• **Records**:
---

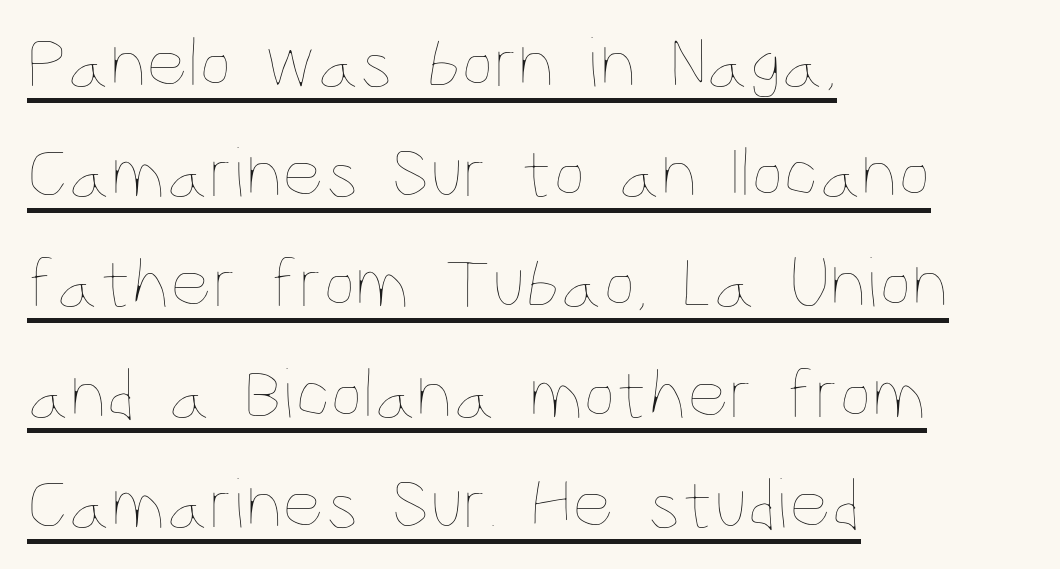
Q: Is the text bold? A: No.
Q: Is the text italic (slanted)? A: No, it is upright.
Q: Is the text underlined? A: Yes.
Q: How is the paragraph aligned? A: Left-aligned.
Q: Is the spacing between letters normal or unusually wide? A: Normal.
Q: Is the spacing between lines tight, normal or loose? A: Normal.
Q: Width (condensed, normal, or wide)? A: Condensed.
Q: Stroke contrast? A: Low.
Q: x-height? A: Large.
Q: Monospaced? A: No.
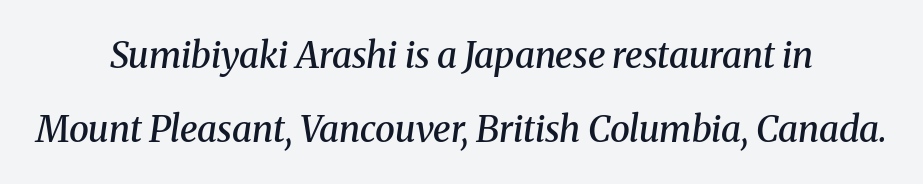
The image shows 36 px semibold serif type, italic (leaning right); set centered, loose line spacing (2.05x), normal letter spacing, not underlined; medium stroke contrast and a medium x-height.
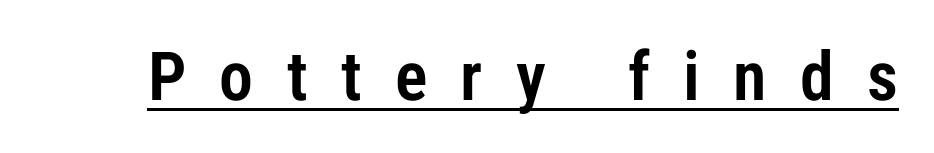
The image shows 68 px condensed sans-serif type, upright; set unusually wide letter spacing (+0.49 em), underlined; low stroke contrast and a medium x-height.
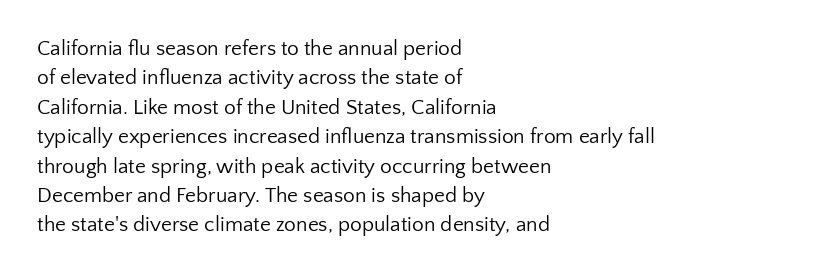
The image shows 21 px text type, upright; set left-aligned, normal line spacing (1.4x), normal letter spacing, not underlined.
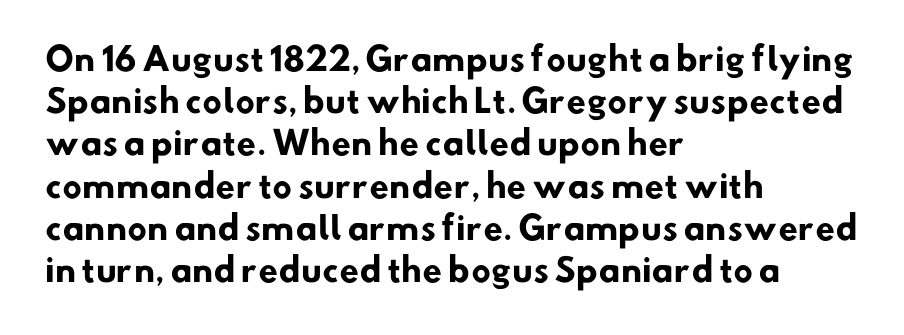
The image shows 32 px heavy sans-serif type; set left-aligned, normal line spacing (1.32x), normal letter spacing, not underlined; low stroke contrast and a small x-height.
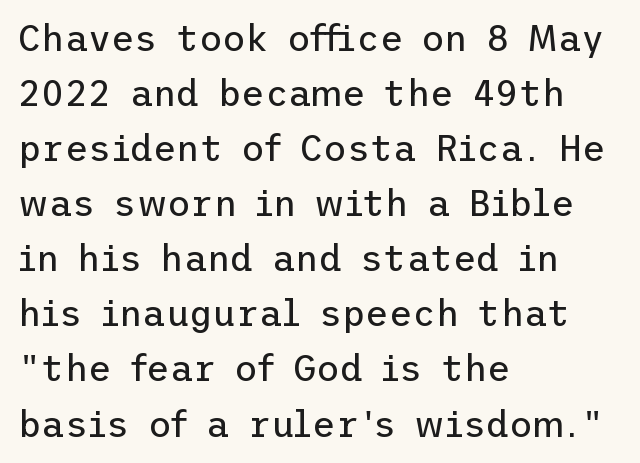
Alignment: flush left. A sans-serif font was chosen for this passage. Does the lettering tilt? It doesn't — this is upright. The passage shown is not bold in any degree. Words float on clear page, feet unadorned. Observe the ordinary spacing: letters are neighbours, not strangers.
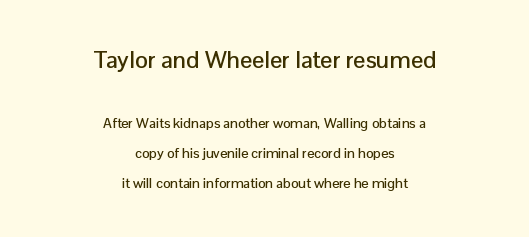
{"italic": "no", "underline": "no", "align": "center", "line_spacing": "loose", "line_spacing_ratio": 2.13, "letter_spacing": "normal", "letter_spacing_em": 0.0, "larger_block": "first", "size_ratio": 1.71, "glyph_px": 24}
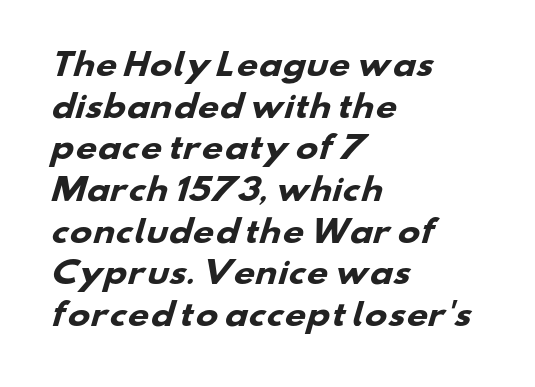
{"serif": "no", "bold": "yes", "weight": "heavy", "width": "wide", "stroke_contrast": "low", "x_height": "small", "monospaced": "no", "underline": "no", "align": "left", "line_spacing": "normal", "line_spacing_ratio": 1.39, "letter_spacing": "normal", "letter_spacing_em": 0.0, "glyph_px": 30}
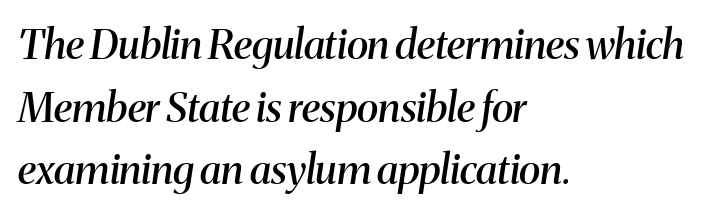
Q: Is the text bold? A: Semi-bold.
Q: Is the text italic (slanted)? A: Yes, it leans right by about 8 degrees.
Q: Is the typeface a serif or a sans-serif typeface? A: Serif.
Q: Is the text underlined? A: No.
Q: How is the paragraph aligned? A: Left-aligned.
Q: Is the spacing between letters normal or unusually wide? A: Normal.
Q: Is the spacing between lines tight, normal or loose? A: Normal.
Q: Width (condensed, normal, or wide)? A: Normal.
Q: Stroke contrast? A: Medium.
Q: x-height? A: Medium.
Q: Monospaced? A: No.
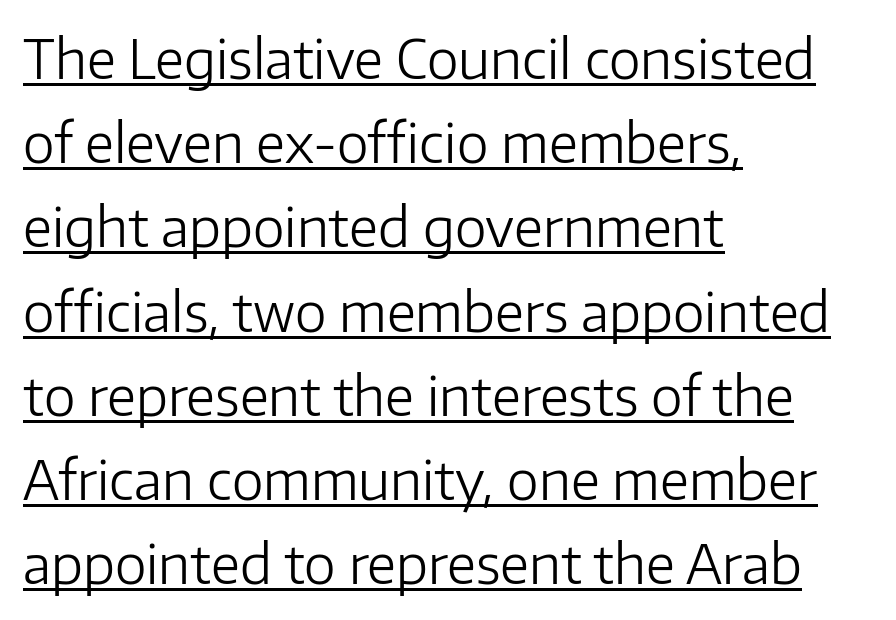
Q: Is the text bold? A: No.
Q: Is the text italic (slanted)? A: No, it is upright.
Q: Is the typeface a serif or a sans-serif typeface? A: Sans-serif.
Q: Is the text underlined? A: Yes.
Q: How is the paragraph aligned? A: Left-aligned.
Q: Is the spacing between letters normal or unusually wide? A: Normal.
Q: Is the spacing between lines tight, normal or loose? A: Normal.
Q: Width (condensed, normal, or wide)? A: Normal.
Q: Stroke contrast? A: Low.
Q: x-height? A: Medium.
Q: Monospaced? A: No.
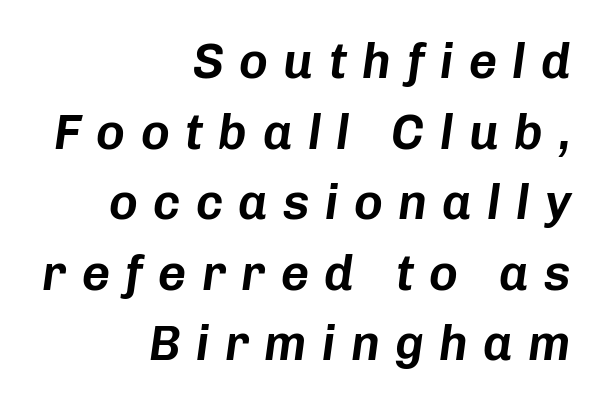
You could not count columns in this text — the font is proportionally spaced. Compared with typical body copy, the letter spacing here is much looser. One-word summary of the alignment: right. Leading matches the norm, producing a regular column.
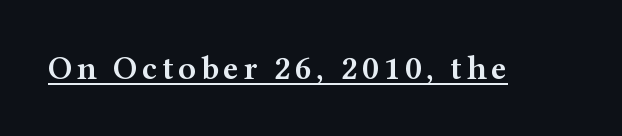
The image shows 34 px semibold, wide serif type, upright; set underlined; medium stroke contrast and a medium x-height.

---

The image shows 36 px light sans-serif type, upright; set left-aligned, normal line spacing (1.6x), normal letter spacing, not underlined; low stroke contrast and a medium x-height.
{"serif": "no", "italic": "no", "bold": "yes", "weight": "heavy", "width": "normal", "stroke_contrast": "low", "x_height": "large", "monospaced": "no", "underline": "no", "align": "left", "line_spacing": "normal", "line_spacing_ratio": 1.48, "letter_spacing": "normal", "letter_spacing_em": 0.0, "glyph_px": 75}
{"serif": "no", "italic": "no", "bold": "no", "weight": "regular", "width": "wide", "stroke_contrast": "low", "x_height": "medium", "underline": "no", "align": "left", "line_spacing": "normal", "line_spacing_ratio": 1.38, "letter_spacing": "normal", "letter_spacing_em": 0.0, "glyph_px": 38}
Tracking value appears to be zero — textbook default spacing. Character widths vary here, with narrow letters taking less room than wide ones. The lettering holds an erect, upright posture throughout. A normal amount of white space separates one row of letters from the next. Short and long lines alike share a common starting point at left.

---

• **Requirement**:
Show the lines of the listing above with "small".

• **Output for this exercise**:
The image shows 32 px heavy sans-serif type; set left-aligned, normal line spacing (1.32x), normal letter spacing, not underlined; low stroke contrast and a small x-height.
{"serif": "no", "bold": "yes", "weight": "heavy", "width": "wide", "stroke_contrast": "low", "x_height": "small", "monospaced": "no", "underline": "no", "align": "left", "line_spacing": "normal", "line_spacing_ratio": 1.39, "letter_spacing": "normal", "letter_spacing_em": 0.0, "glyph_px": 30}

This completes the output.